*** Opening of Provided entries ***
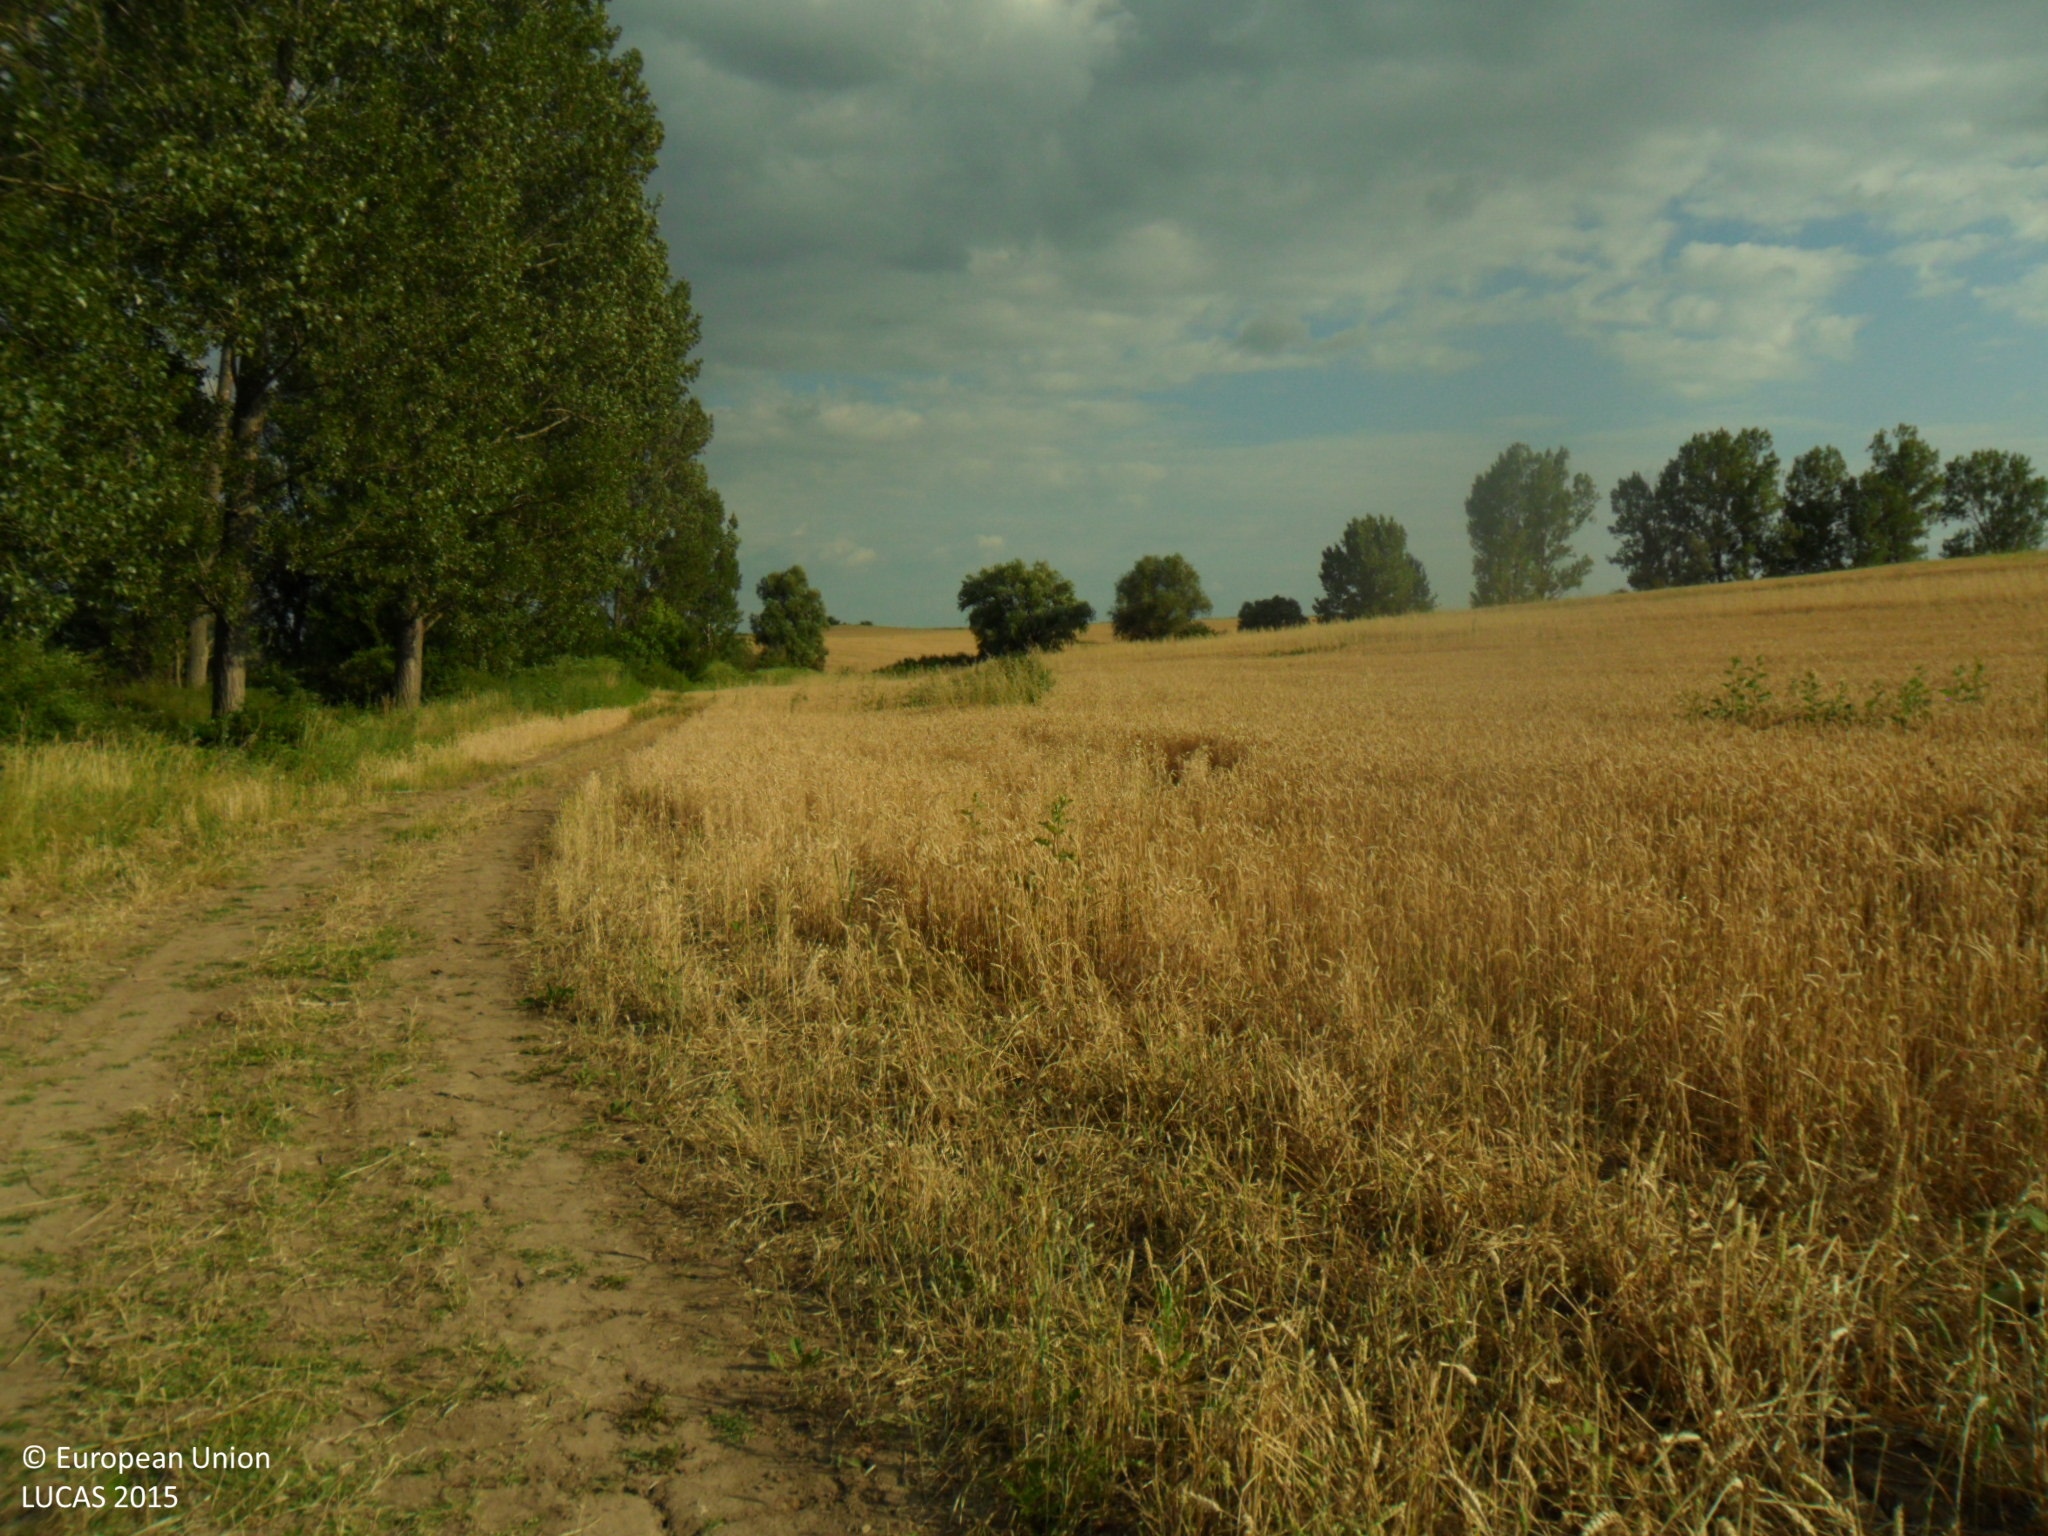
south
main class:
*** Close of Provided entries ***
*** Opening of Provided entries ***
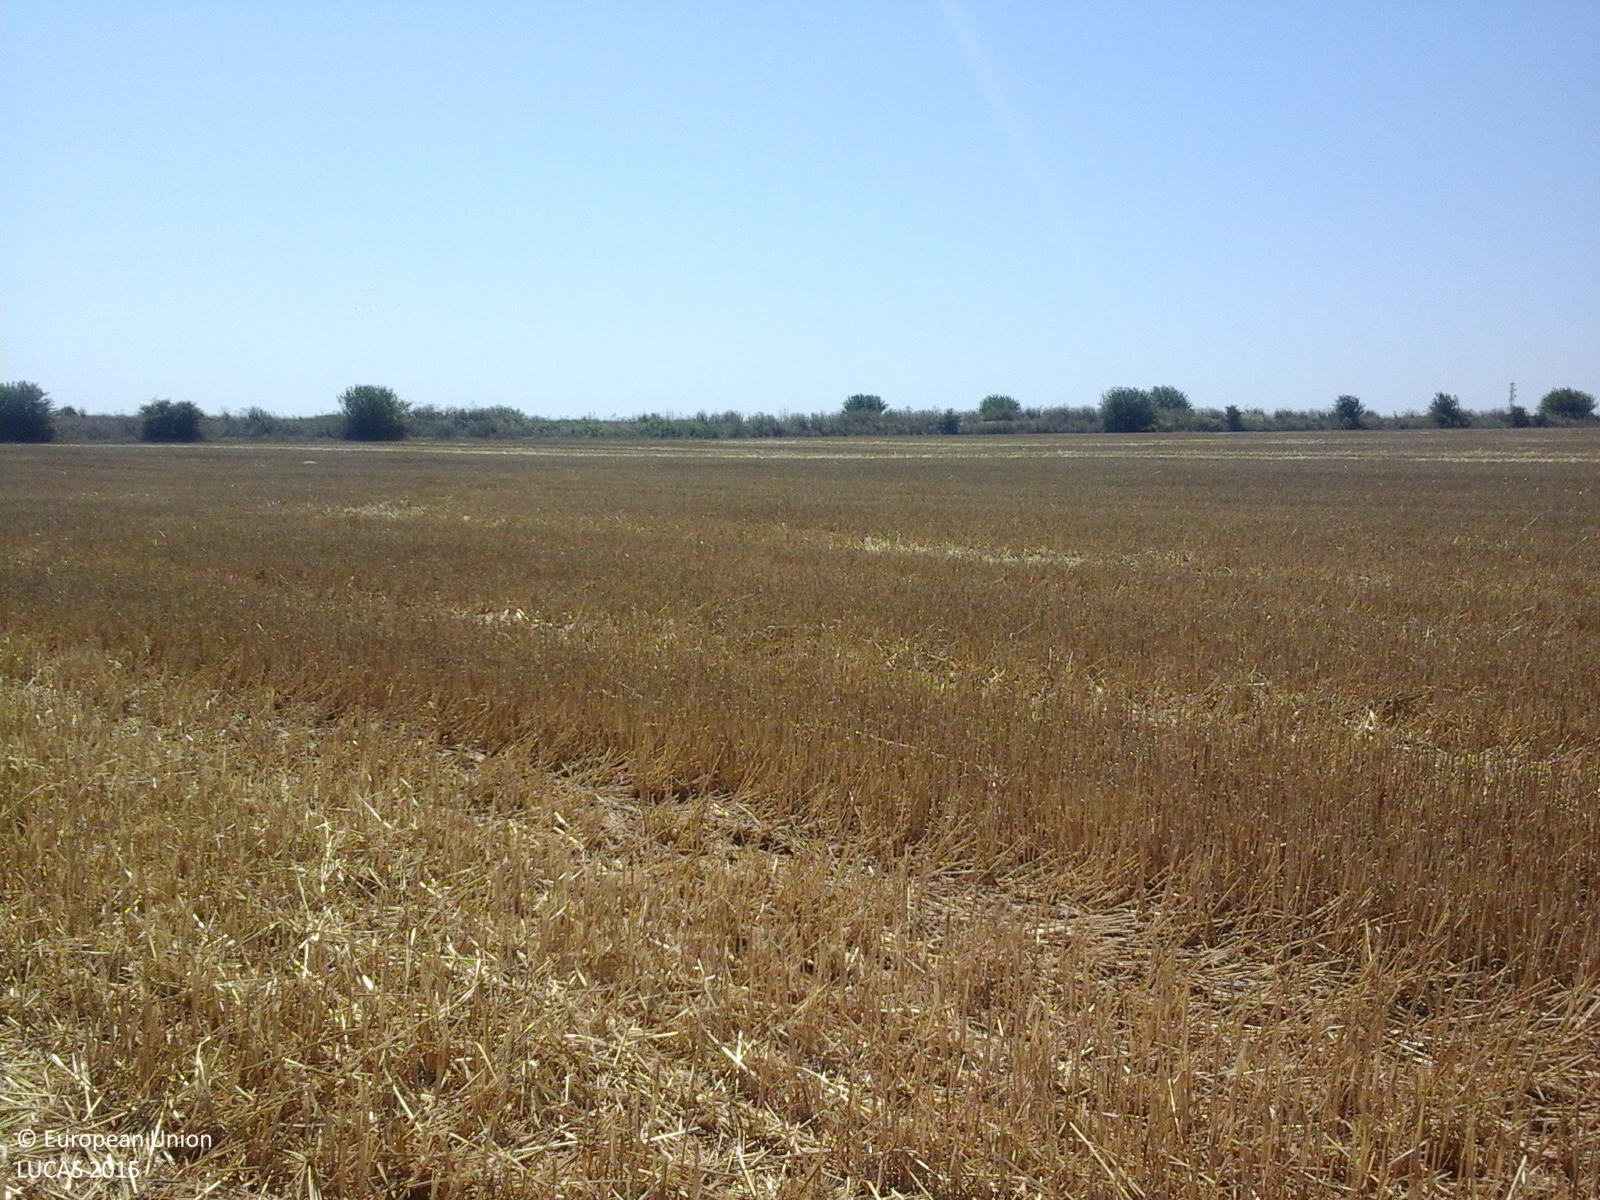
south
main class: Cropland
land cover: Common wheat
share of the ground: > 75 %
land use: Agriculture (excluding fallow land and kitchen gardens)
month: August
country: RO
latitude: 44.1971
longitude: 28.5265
*** Close of Provided entries ***
*** Opening of Provided entries ***
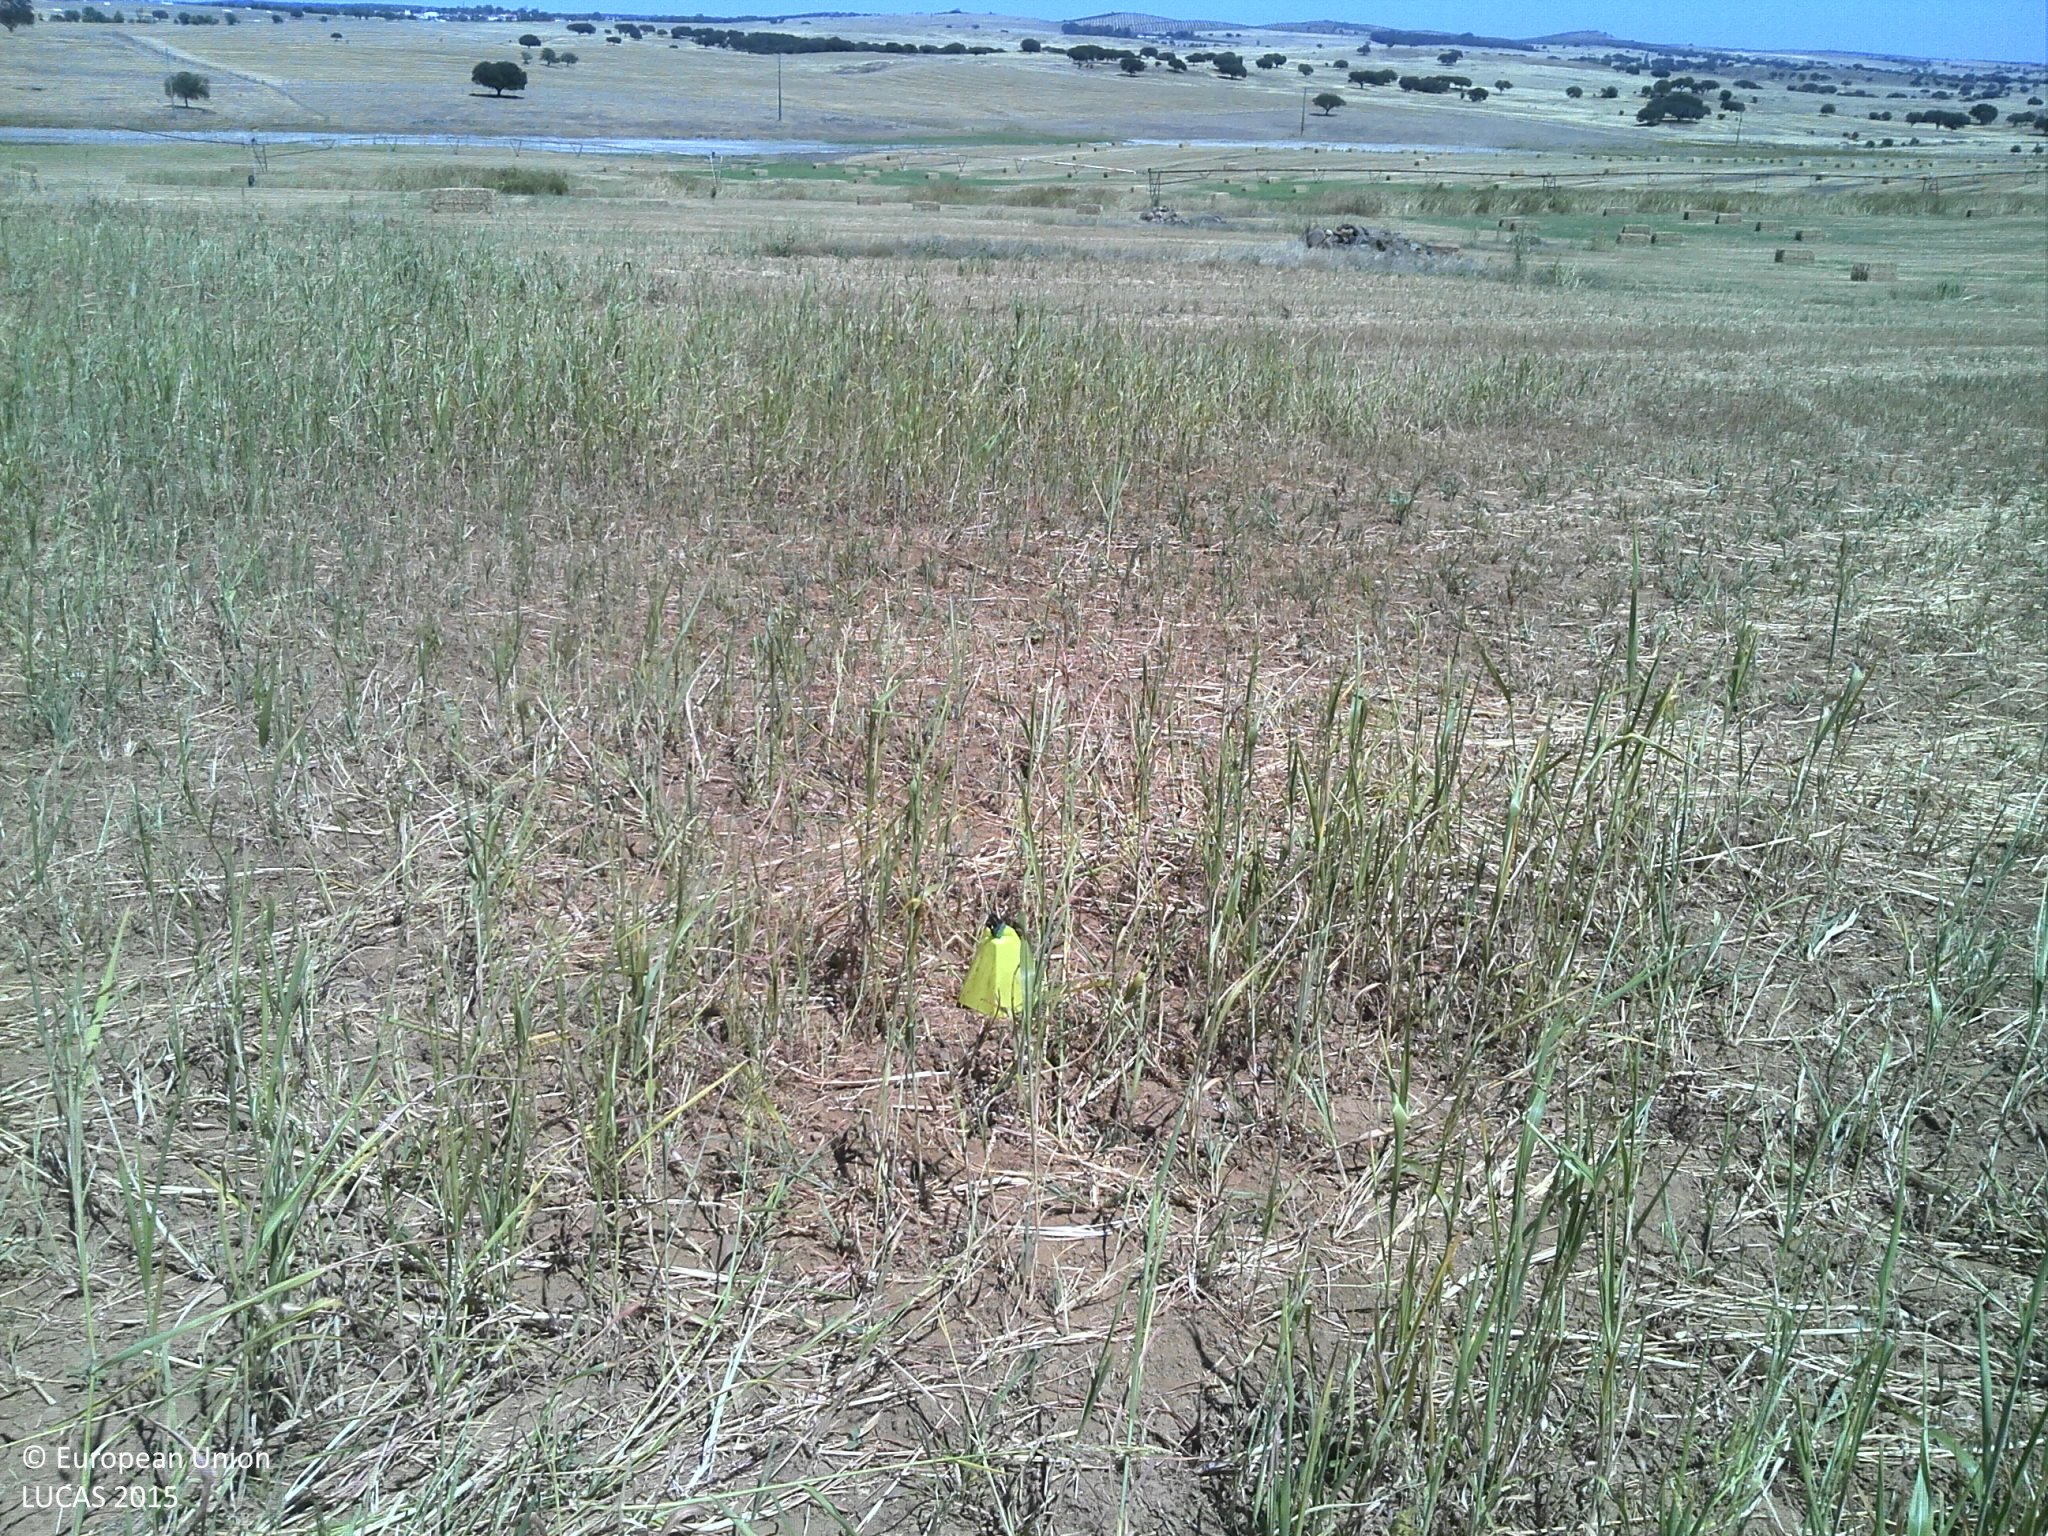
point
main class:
*** Close of Provided entries ***
• Requirement: From the records above, copy only the lines starting with the line that holds "share of the ground: > 75 %" and going on through the line that holds "longitude: 28.5265", exactly as written.

• Exercise output:
share of the ground: > 75 %
land use: Agriculture (excluding fallow land and kitchen gardens)
month: August
country: RO
latitude: 44.1971
longitude: 28.5265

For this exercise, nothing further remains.